Then don't sweat it. If you'd like to still be precise or its a large amount of starter/levain then build a preferment and adjust the hydration when you do so. 

You can also approach it more "scientifically" by taking into account the flour within the starter and making sure yours correlates with the recipe. 

Say you have a recipe like so...

  • 500g flour
  • 350g water
  • 10g salt
  • 100g starter @ 100% hydration

So the starter in the recipe has 50g water + 50g flour. So use enough of your starter that equals the 50g flour within the starter asked for in the recipe and add the water back in to make up the difference.
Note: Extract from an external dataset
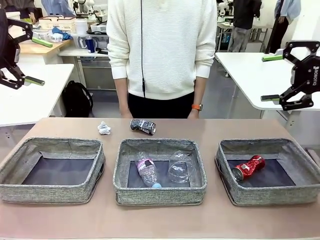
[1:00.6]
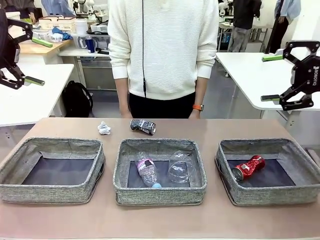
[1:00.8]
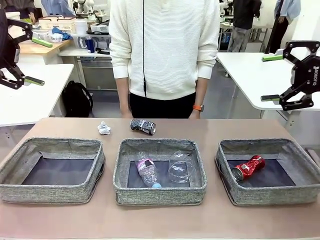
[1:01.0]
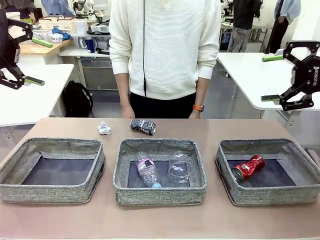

Like so...

80% hydration = 8g water for every 10g flour (8+10 = 18). So if you need 50g flour within your starter then you'd need 5x18 = 90g starter! 

So 90g of your starter at 80% hydration has 40g water + 50g flour. There's your 50g of pre-fermented flour. Then simply add 10g water back into the recipe to make up the difference. So your recipe will be...

  • 500g flour
  • 360g water
  • 10g salt
  • 90g starter

That is one way. Either that or build a preferment to give you 100g starter at 100% hydration and keep the final recipe as it is. 

In our example the difference is small so you may just choose to keep it how it is and use 100g of your starter and just watch the dough a bit more carefully. If it's a larger amount of starter then I'd suggest some adjustments will be necessary.